TASK BRIEF = Your copy should repeat the data that follows exactly and contain no image.

SOURCE DATA =
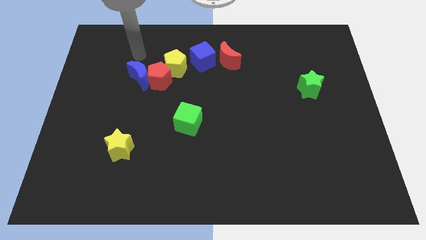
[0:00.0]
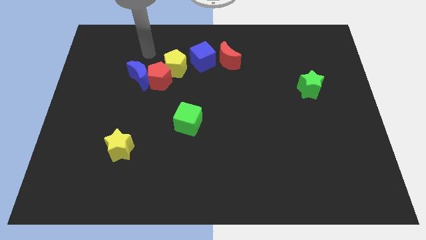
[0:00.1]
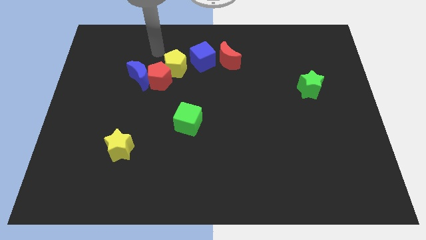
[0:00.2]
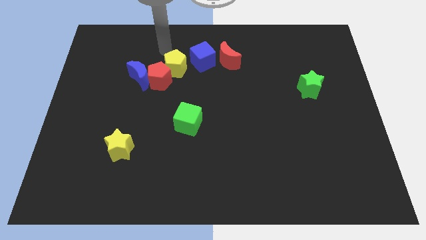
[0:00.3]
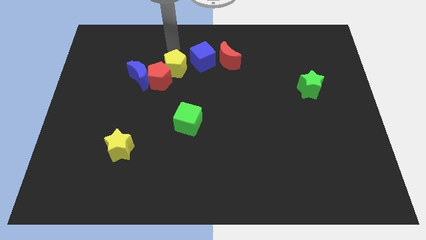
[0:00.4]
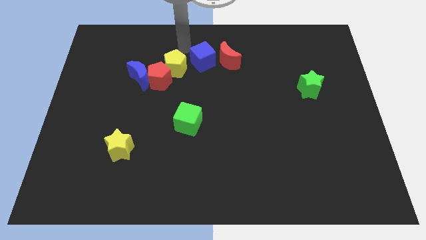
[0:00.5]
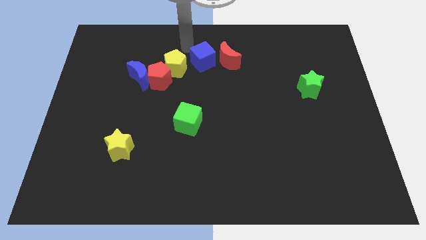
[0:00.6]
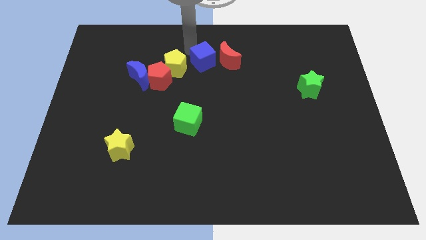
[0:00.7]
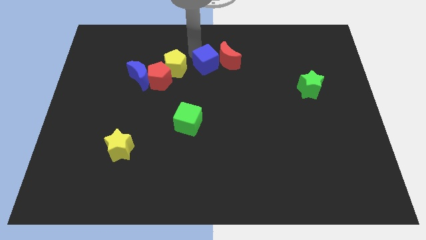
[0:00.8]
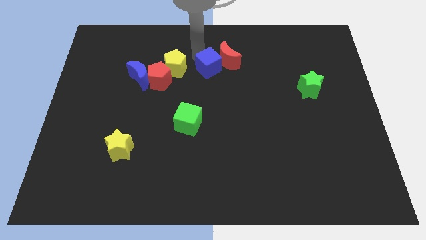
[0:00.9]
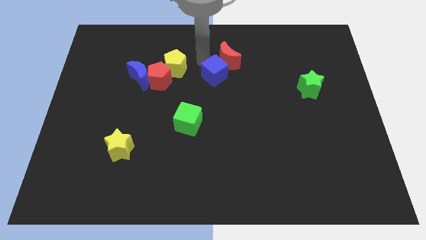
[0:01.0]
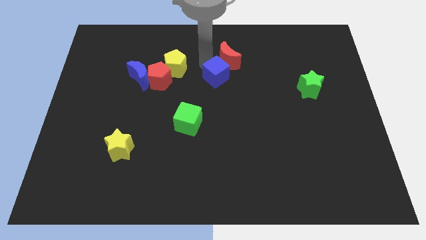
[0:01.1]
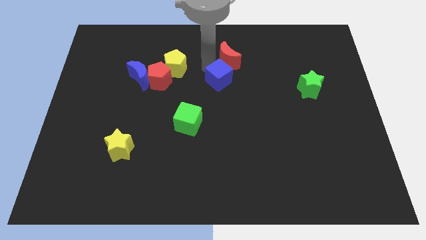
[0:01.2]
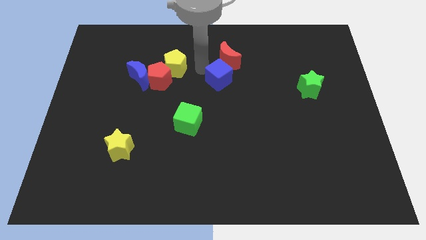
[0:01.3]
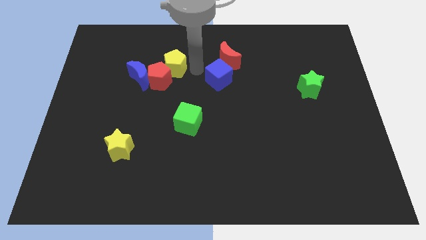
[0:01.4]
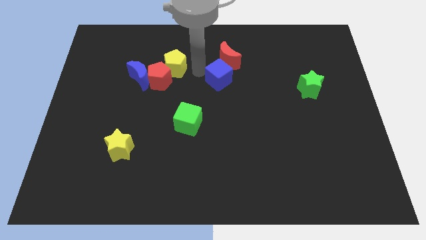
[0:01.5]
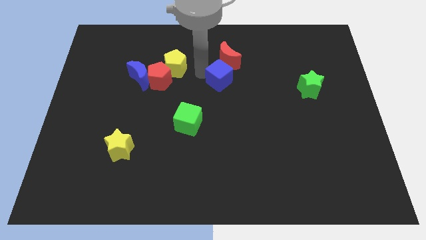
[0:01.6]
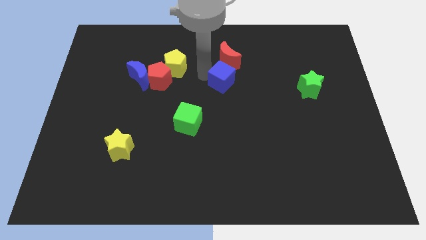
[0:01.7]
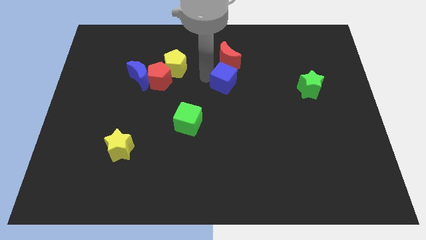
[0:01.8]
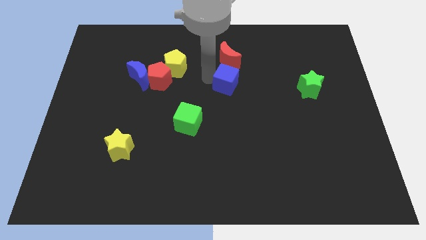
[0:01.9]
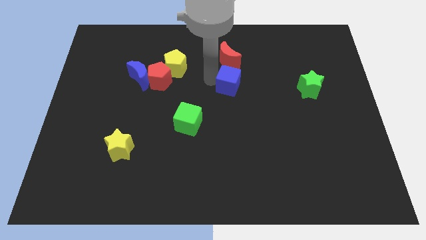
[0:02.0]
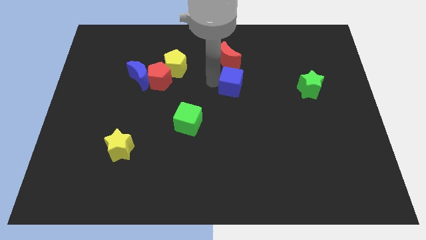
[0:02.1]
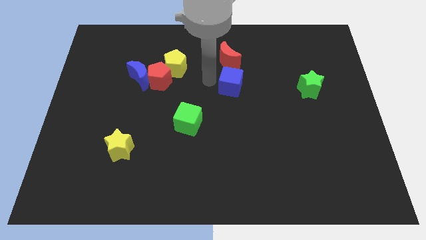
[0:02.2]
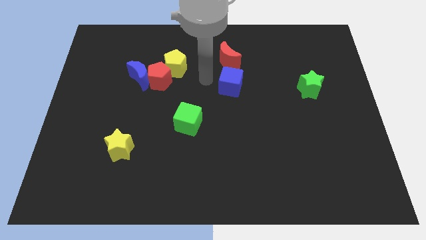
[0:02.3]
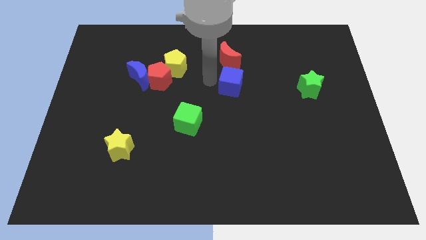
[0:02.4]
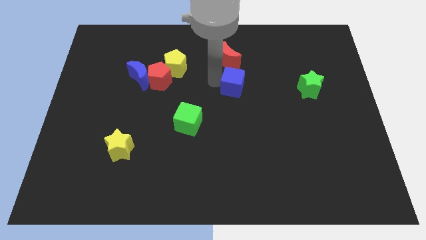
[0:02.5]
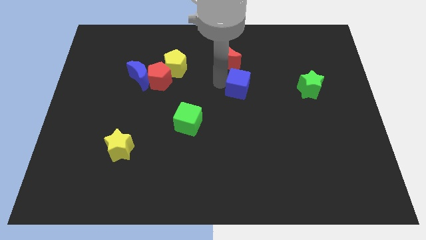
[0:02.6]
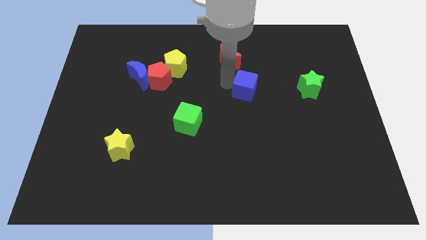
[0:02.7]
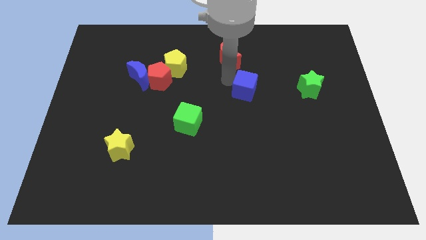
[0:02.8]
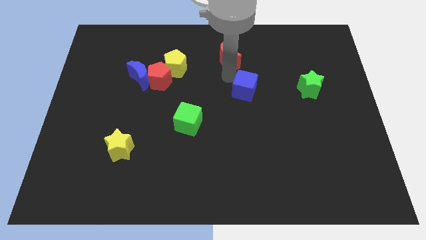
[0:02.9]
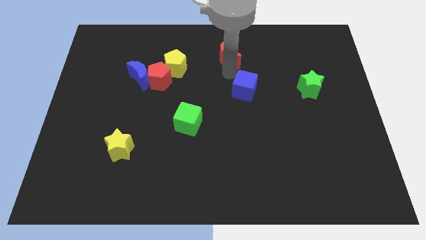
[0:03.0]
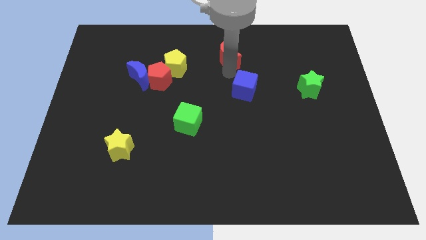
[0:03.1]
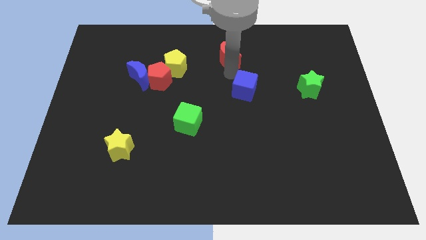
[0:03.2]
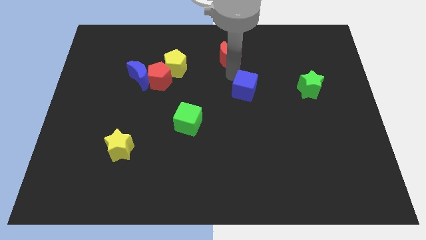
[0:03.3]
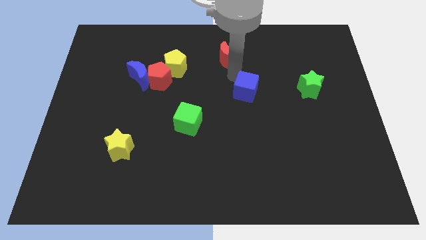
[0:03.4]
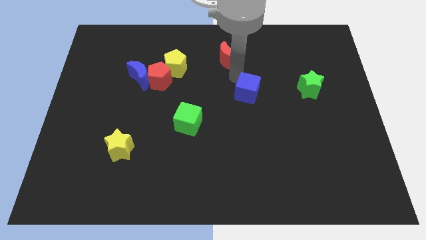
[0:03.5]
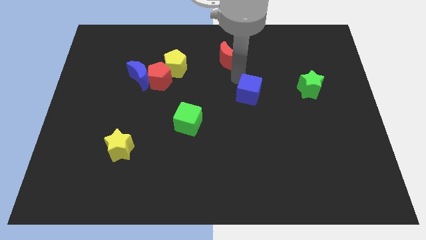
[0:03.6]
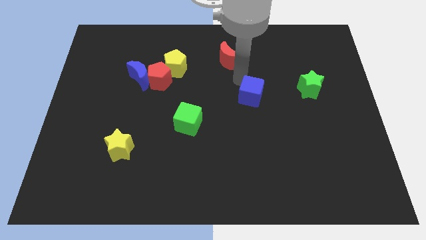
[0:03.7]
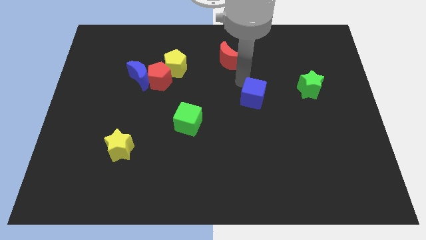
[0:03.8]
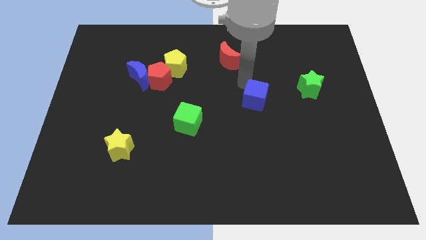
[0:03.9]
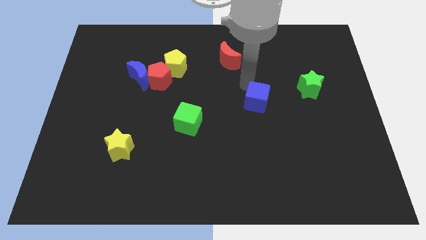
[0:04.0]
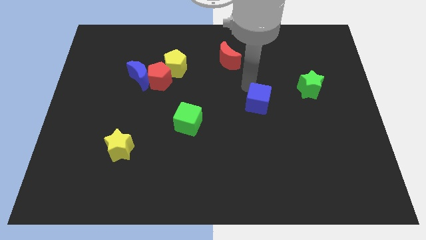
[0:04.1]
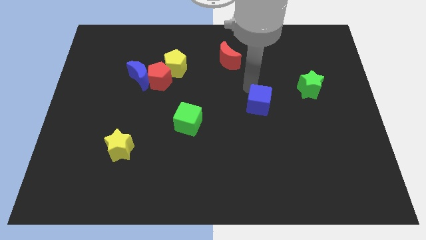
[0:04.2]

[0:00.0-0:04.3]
push the blue cube down and then to the right

EXERCISE OUTPUT =
[0:00.0]
[0:00.1]
[0:00.2]
[0:00.3]
[0:00.4]
[0:00.5]
[0:00.6]
[0:00.7]
[0:00.8]
[0:00.9]
[0:01.0]
[0:01.1]
[0:01.2]
[0:01.3]
[0:01.4]
[0:01.5]
[0:01.6]
[0:01.7]
[0:01.8]
[0:01.9]
[0:02.0]
[0:02.1]
[0:02.2]
[0:02.3]
[0:02.4]
[0:02.5]
[0:02.6]
[0:02.7]
[0:02.8]
[0:02.9]
[0:03.0]
[0:03.1]
[0:03.2]
[0:03.3]
[0:03.4]
[0:03.5]
[0:03.6]
[0:03.7]
[0:03.8]
[0:03.9]
[0:04.0]
[0:04.1]
[0:04.2]

[0:00.0-0:04.3]
push the blue cube down and then to the right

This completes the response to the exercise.